Roll sizers and a carbide die where the whole case is press through it are the only ways I know of that one can tighten up a primer pocket. It is done on all comercial pistol ammo loadings. I personally own both a roll sizer and a Case Pro 100. I have seen a roll sizer for both .308 ansd .223. They are expensive and require an expensive collator.

Nat

Butch Lambert
08-04-2008, 01:42 PM
Nat,
I know what you are talking about. I don't think they are. If you look at the link posted above in the Hart catalog, you will see what I mean.
Butch

J. Pendergraft
08-04-2008, 08:04 PM
I recently made a die to tighten up 6ppc case heads. I have a Rock Chucker press and it is all I can do to press a case through the die. I can push the case through about 4 times and get it to size down about .001". Like 4 Mesh said likely when I fire the case once it will be right back to the original dimension or maybe even before I fire them. Hard brass has a great memory.

Butch Lambert
08-04-2008, 10:35 PM
Joel,
You can size the diameter of the base of the brass that way, but it will have no effect on the primer pocket.
Butch

J. Pendergraft
08-05-2008, 09:49 PM
Joel,
You can size the diameter of the base of the brass that way, but it will have no effect on the primer pocket.
Butch

Actually my die swages down the case head as well which will tighten the pocket some.
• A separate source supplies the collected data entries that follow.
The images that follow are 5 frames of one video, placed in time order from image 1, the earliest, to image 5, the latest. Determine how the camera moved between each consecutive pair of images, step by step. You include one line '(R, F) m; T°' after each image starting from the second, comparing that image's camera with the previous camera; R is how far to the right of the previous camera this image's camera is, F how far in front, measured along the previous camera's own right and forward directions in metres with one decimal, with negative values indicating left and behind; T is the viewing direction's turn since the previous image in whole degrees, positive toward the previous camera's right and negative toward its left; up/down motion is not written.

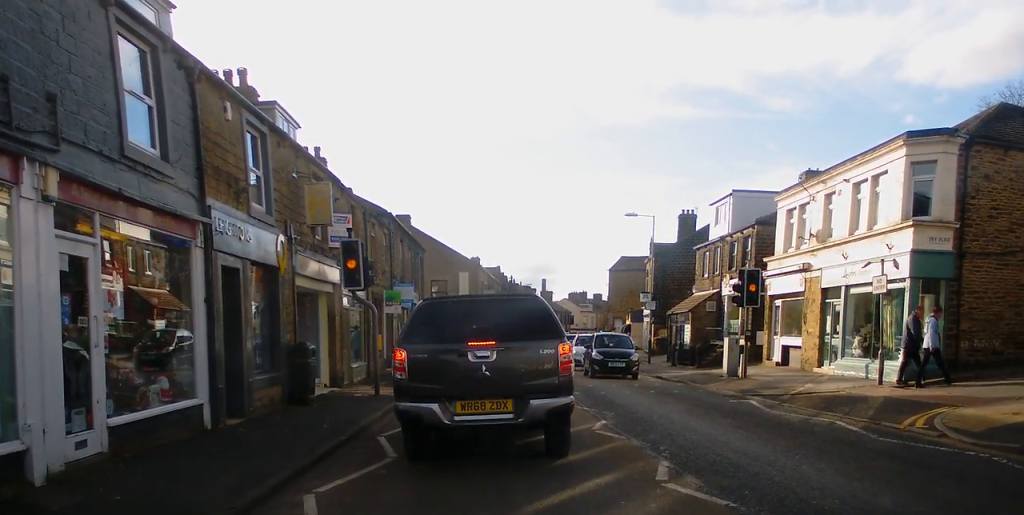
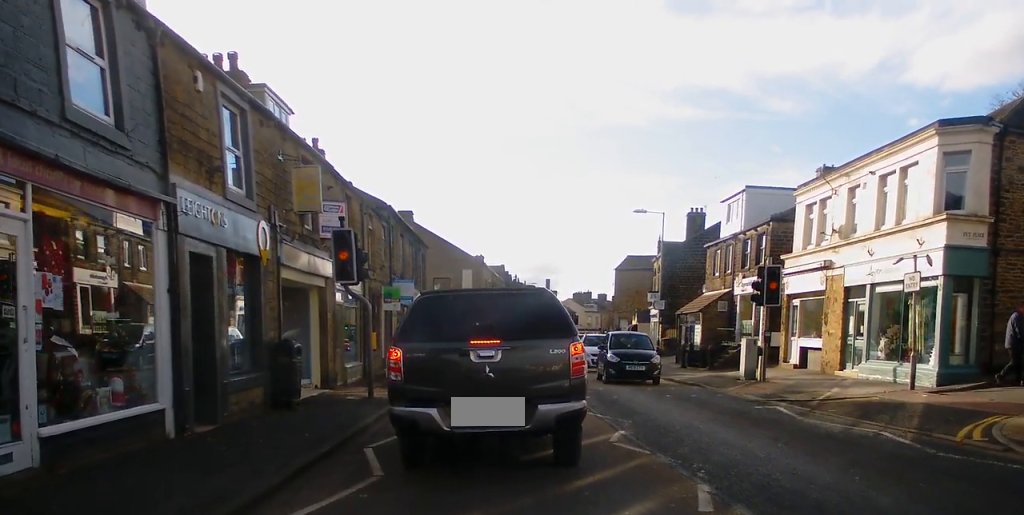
(+0.4, +1.2) m; 0°
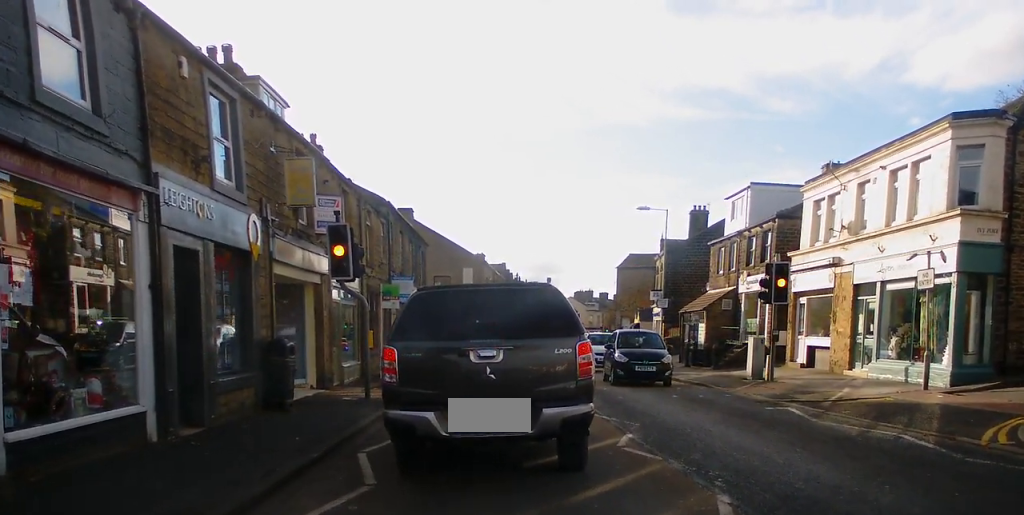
(0.0, +0.5) m; 0°
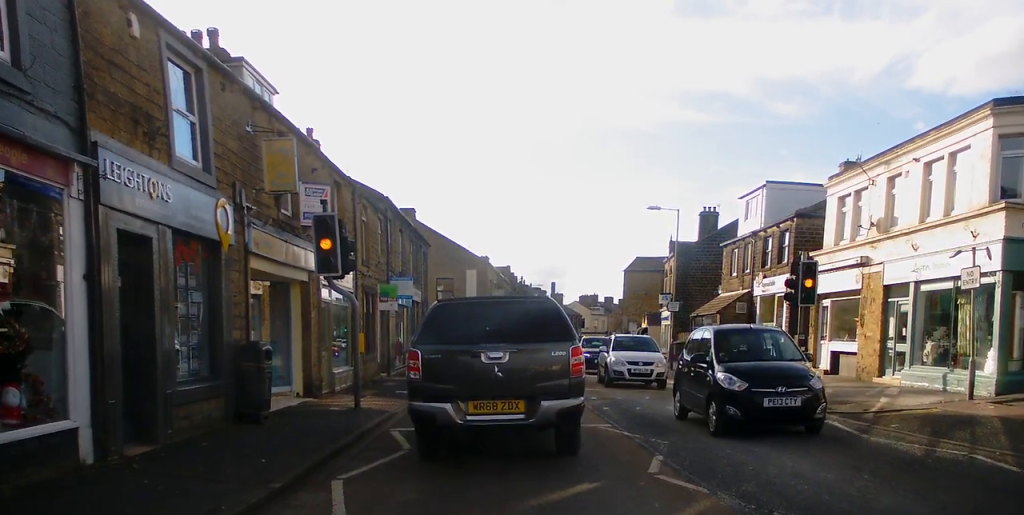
(-0.3, +1.9) m; 0°
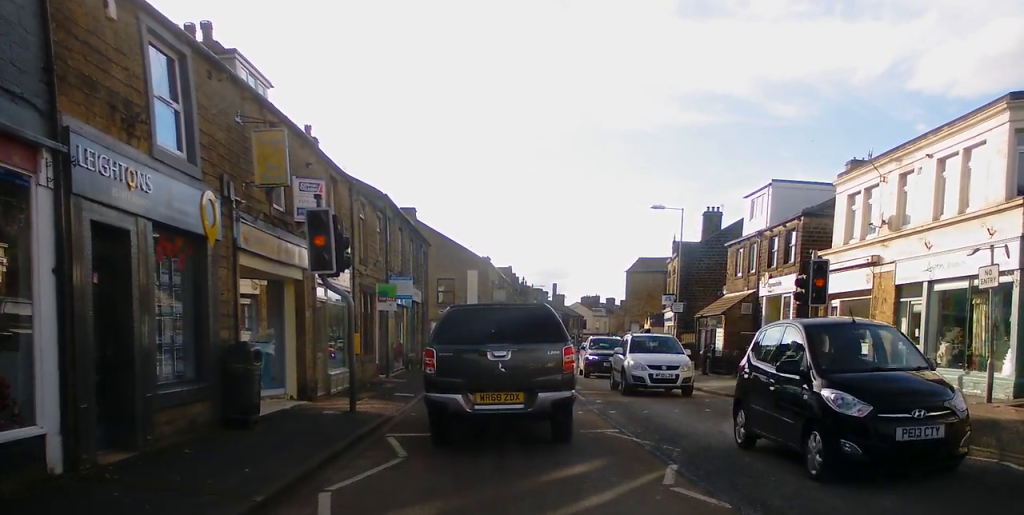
(0.0, +0.3) m; 0°

The RCBS primer pocket swager works to tighten primer pockets for me. I know some have tried it and did not like it but I think if one learns how it works and how to use it then they can acheive good results. I have used it on magnum cases as well as 06 size cases with good results in tightening the primer pockets. The RCBS tool (RCBS # 09495) is made to swage military crimped primer pockets but works to tighten standard primer pockets as well.

Big Al
08-06-2008, 02:37 PM
Is the word swage really the correct word to use when you want to make something smaller? Wouldn't draw be the correct word? The word swage in bullet making dies have nothing to do with making something smaller.

Boyd Allen
08-06-2008, 03:04 PM
http://dictionary.reference.com/browse/swage

Big Al
08-06-2008, 05:06 PM
http://dictionary.reference.com/browse/swage


Is that the meaning to a bullet maker? Is that what happens to a bullet, being made in swage die?. If it means to make smaller, then how does it fit this discussion? Swage = larger! which is exactly what happens in a bullet die and to a primer pocket when it's swaged, as in removing a primer crimp.

Then if the purpose of making the brass smaller in dia., I think the term swage is misused.

J. Pendergraft
08-06-2008, 08:47 PM
Is that the meaning to a bullet maker? Is that what happens to a bullet, being made in swage die?. If it means to make smaller, then how does it fit this discussion? Swage = larger! which is exactly what happens in a bullet die and to a primer pocket when it's swaged, as in removing a primer crimp.

Then if the purpose of making the brass smaller in dia., I think the term swage is misused.

Here's one of the definitions from the link posted by Boyd. "5. to reduce or taper (an object), as by forging or squeezing. "

Butch Lambert
08-06-2008, 08:56 PM
So you are saying that there is a die that will size the base of the brass down to and including the rim and that tightens the primer pocket? How can you accomplish this without over sizing the web of the case?